Write out the data word for word and omit every picture.

• **PROVIDED MATERIAL**
=-=-=-=-=
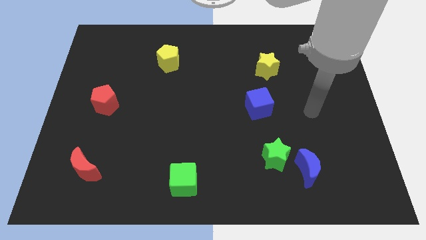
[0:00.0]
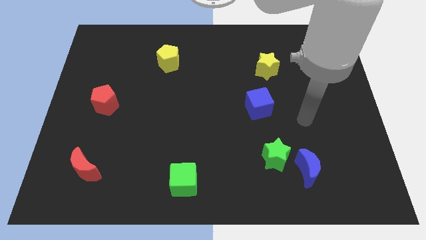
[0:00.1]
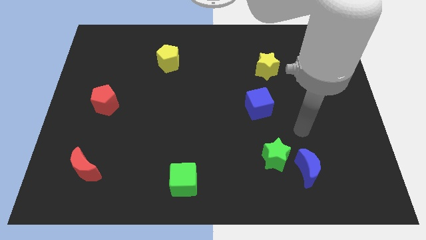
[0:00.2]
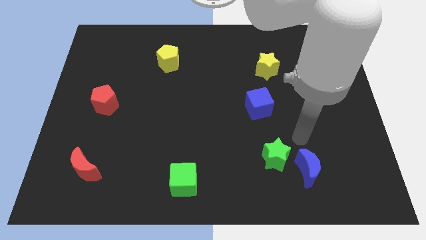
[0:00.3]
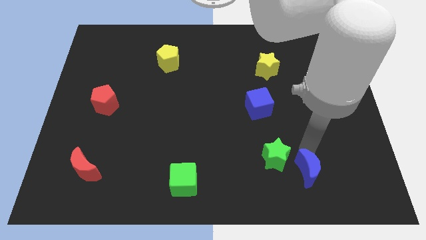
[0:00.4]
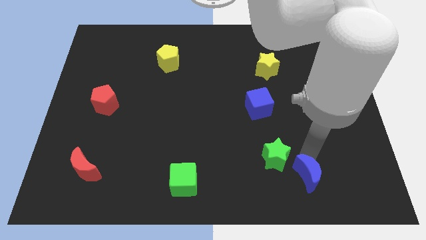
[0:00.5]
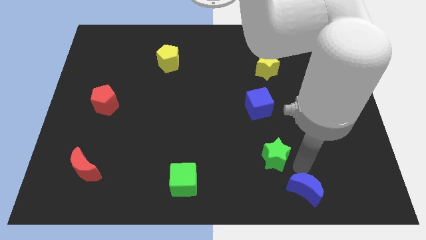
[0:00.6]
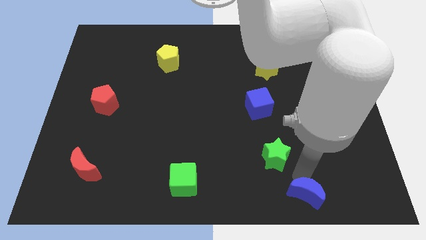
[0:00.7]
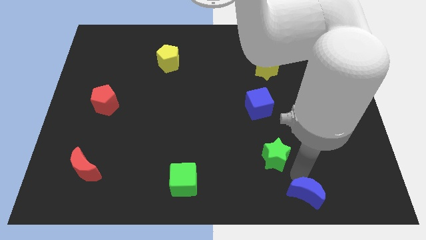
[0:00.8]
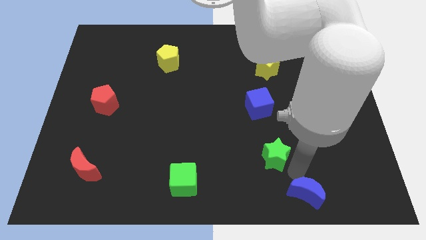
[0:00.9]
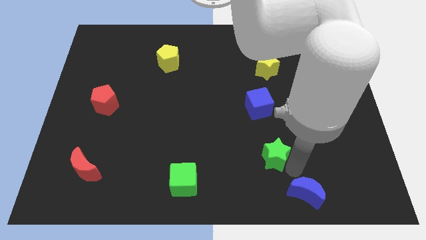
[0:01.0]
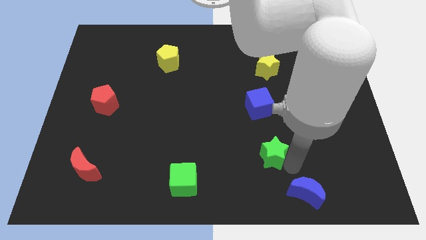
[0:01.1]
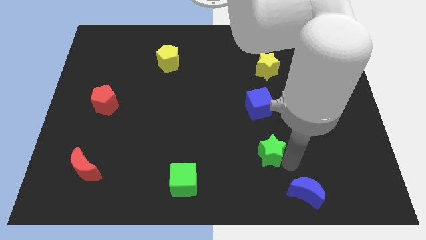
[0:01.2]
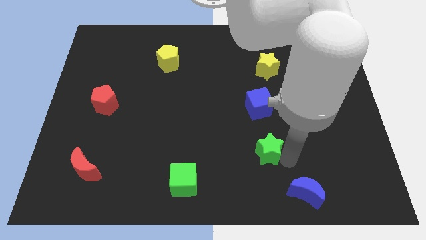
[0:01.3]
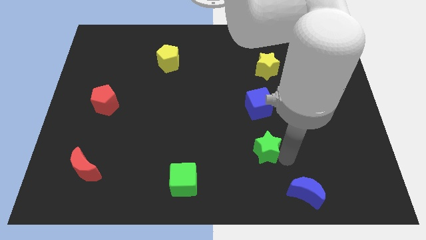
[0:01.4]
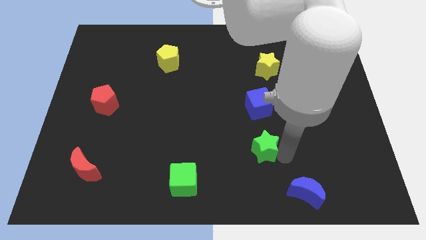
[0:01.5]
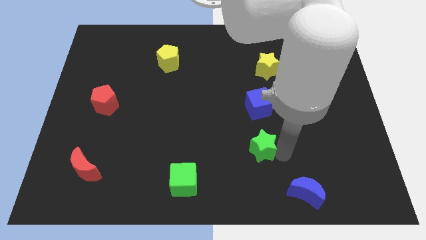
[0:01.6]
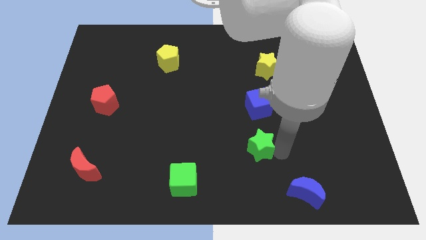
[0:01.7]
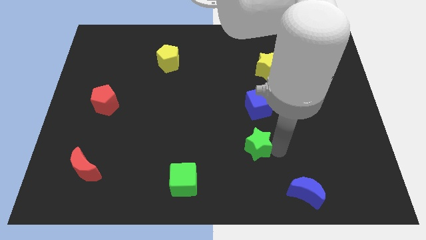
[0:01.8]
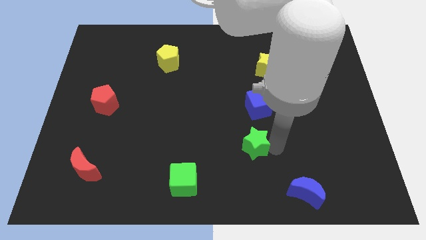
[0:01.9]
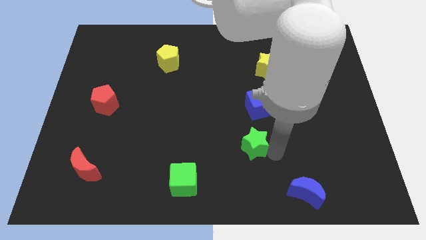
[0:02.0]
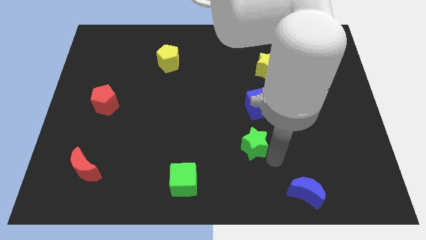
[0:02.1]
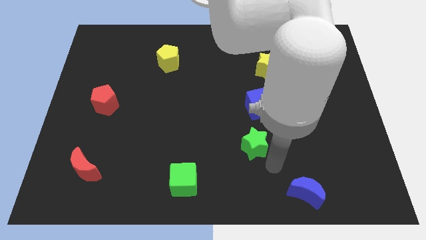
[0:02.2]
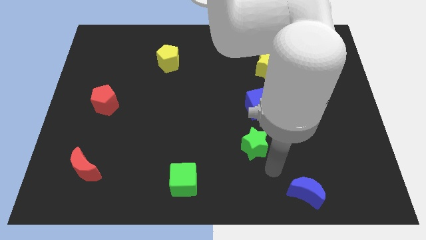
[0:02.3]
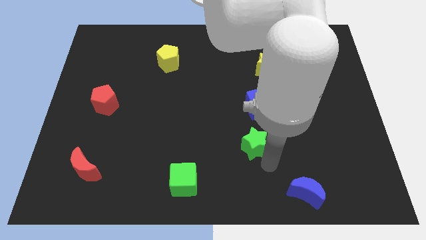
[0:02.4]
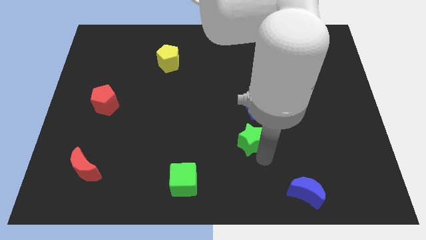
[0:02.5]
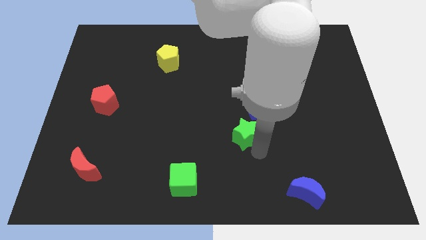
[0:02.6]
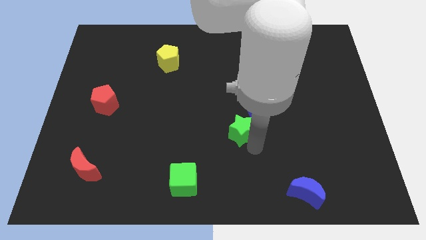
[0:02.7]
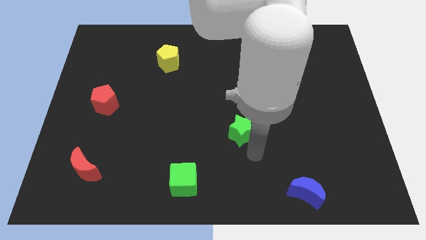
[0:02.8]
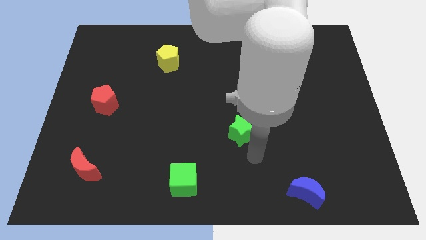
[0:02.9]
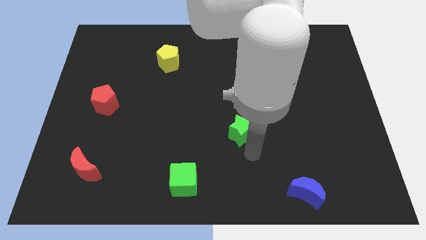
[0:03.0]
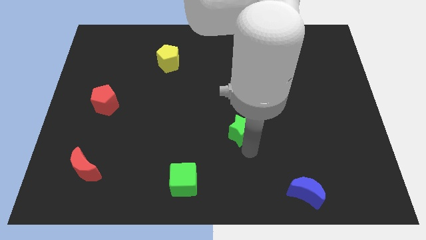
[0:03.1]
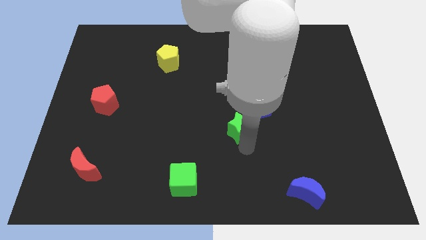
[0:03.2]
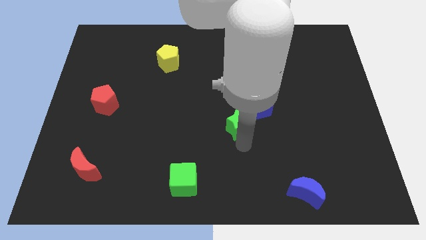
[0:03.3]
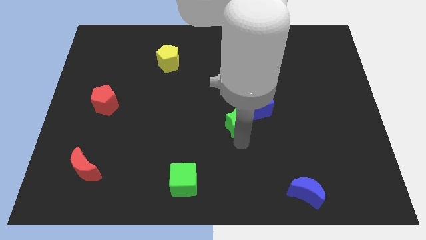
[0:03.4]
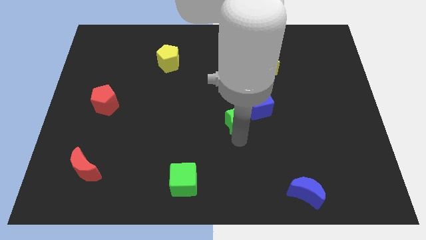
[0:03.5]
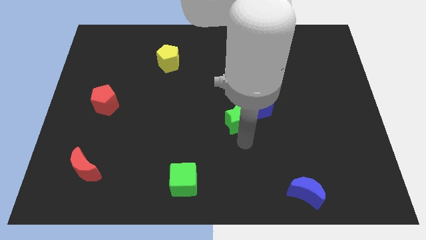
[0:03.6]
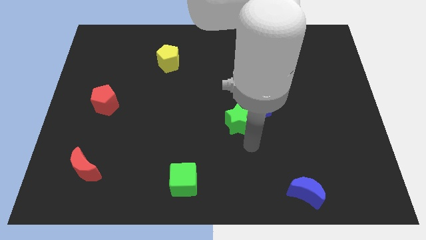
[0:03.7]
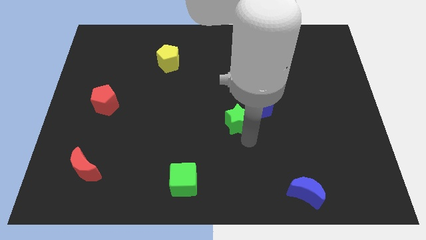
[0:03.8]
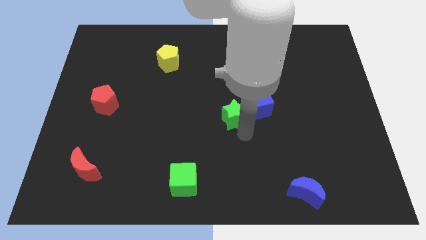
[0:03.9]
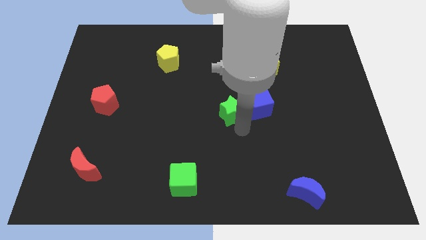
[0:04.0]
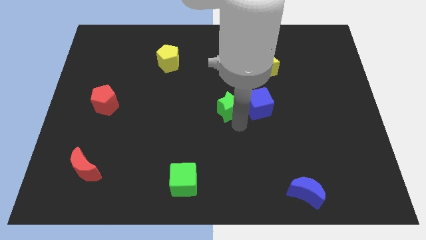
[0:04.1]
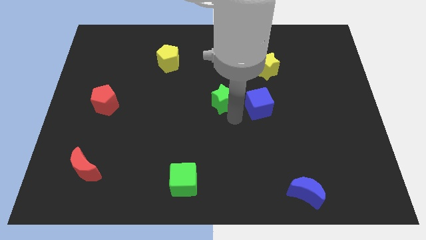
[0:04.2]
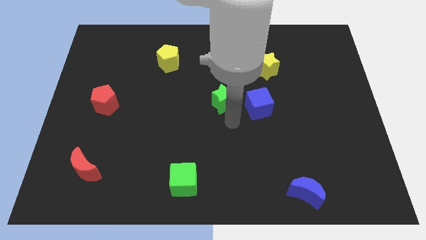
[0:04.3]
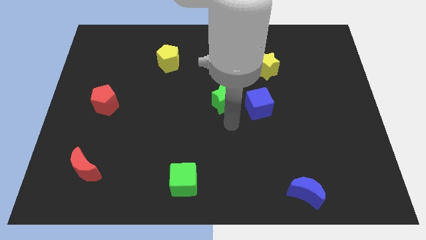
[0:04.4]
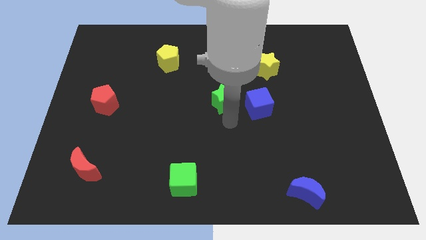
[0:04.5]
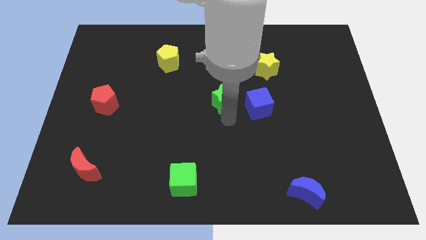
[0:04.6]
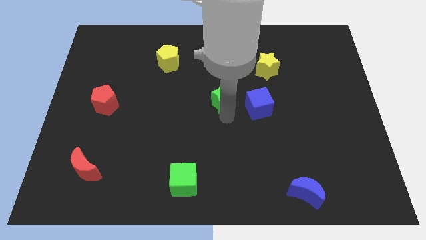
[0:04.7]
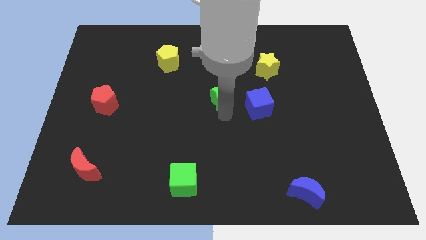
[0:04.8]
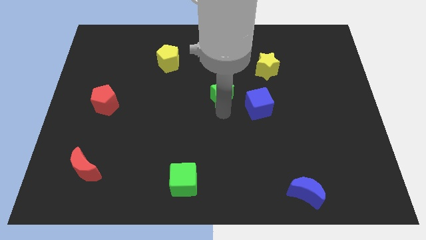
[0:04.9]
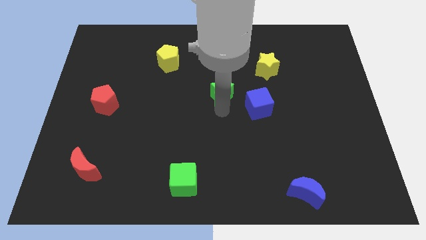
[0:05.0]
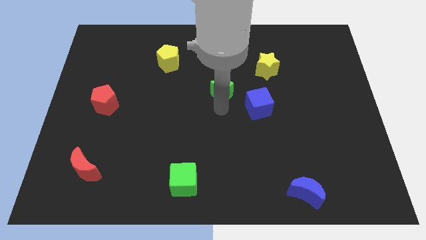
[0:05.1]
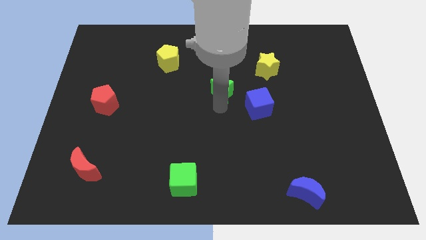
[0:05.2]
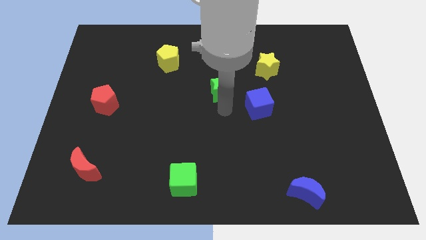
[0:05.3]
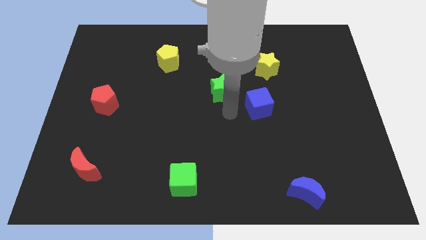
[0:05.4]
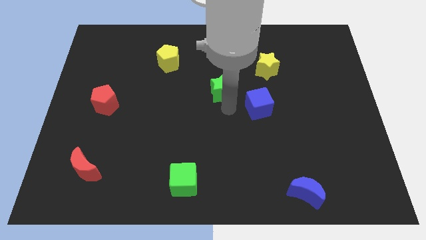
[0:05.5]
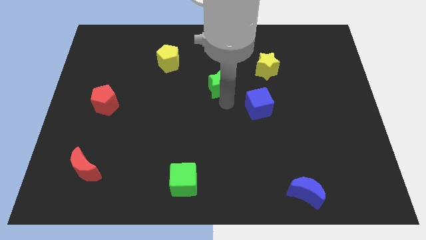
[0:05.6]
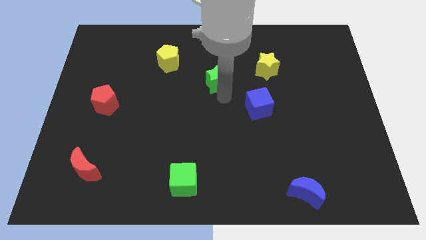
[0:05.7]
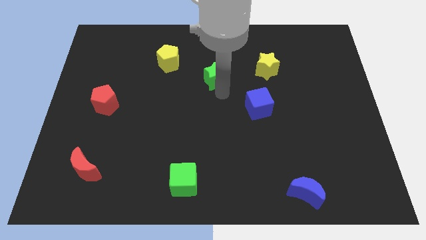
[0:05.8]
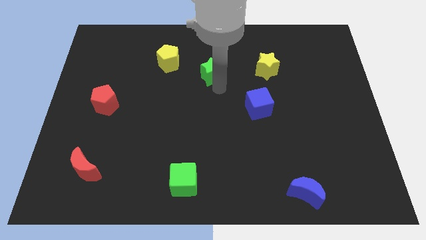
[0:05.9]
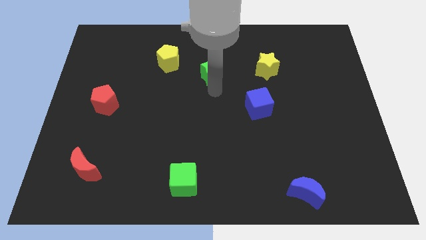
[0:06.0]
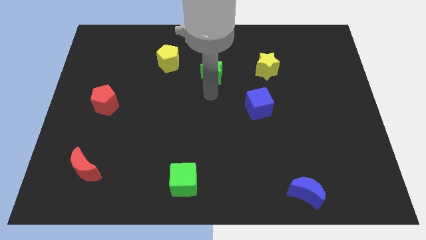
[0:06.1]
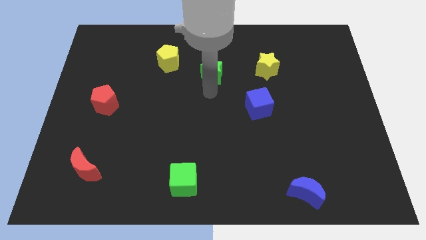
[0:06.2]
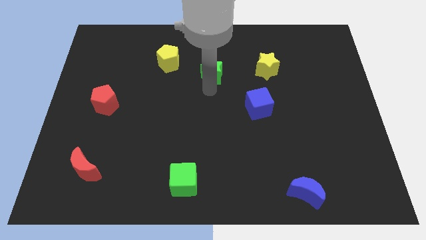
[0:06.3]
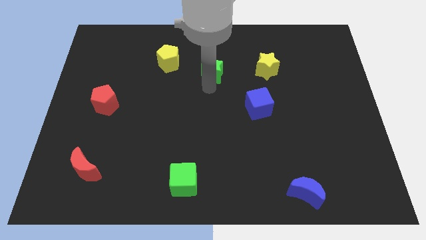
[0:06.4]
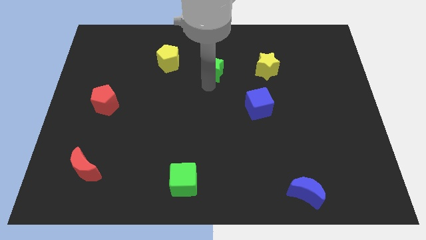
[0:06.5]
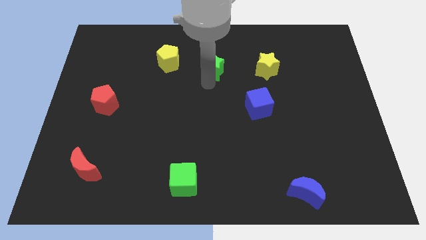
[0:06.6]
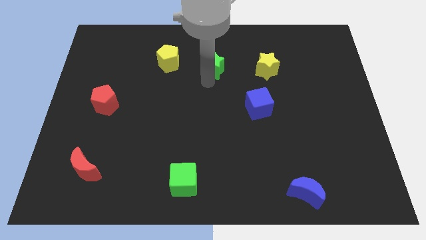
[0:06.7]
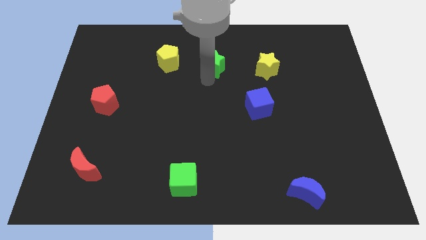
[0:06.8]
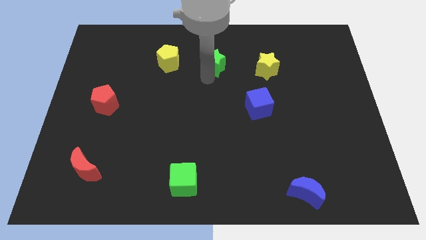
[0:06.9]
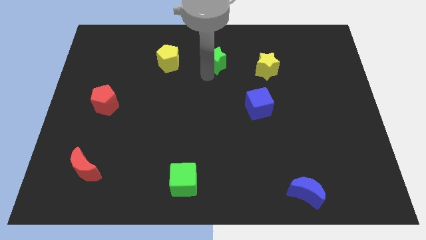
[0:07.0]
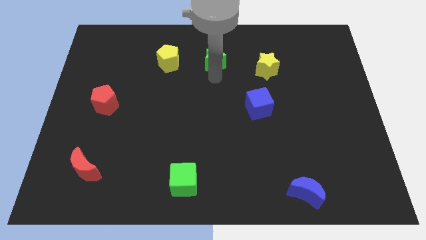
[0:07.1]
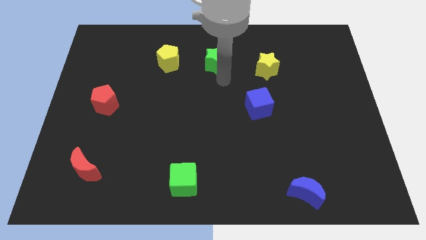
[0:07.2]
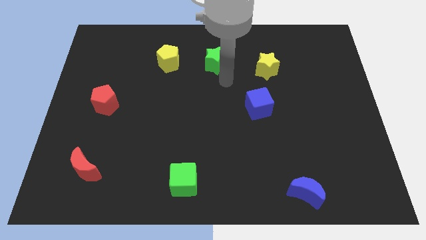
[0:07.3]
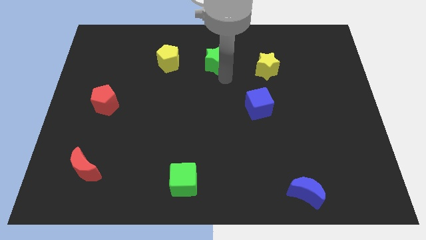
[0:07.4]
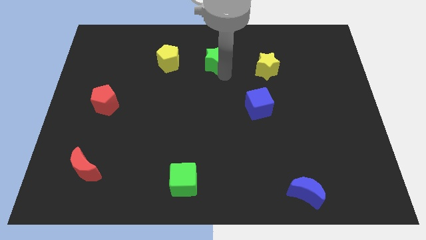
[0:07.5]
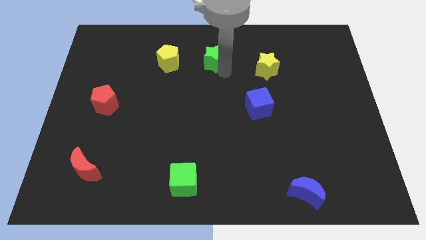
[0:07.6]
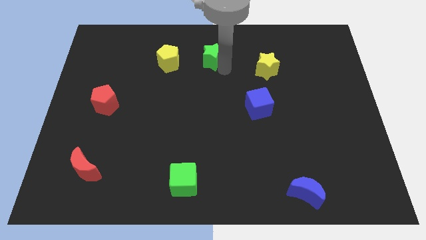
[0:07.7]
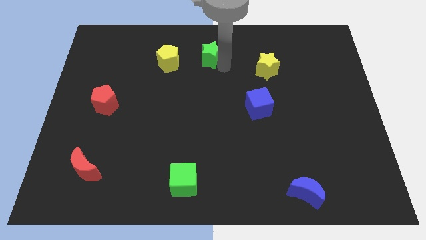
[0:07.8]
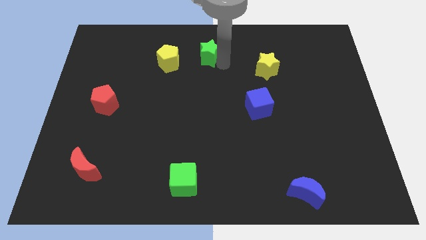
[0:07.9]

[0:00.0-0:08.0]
push the green star to the towards your base
=-=-=-=-=
• **SOLVED PROBLEM**
[0:00.0]
[0:00.1]
[0:00.2]
[0:00.3]
[0:00.4]
[0:00.5]
[0:00.6]
[0:00.7]
[0:00.8]
[0:00.9]
[0:01.0]
[0:01.1]
[0:01.2]
[0:01.3]
[0:01.4]
[0:01.5]
[0:01.6]
[0:01.7]
[0:01.8]
[0:01.9]
[0:02.0]
[0:02.1]
[0:02.2]
[0:02.3]
[0:02.4]
[0:02.5]
[0:02.6]
[0:02.7]
[0:02.8]
[0:02.9]
[0:03.0]
[0:03.1]
[0:03.2]
[0:03.3]
[0:03.4]
[0:03.5]
[0:03.6]
[0:03.7]
[0:03.8]
[0:03.9]
[0:04.0]
[0:04.1]
[0:04.2]
[0:04.3]
[0:04.4]
[0:04.5]
[0:04.6]
[0:04.7]
[0:04.8]
[0:04.9]
[0:05.0]
[0:05.1]
[0:05.2]
[0:05.3]
[0:05.4]
[0:05.5]
[0:05.6]
[0:05.7]
[0:05.8]
[0:05.9]
[0:06.0]
[0:06.1]
[0:06.2]
[0:06.3]
[0:06.4]
[0:06.5]
[0:06.6]
[0:06.7]
[0:06.8]
[0:06.9]
[0:07.0]
[0:07.1]
[0:07.2]
[0:07.3]
[0:07.4]
[0:07.5]
[0:07.6]
[0:07.7]
[0:07.8]
[0:07.9]

[0:00.0-0:08.0]
push the green star to the towards your base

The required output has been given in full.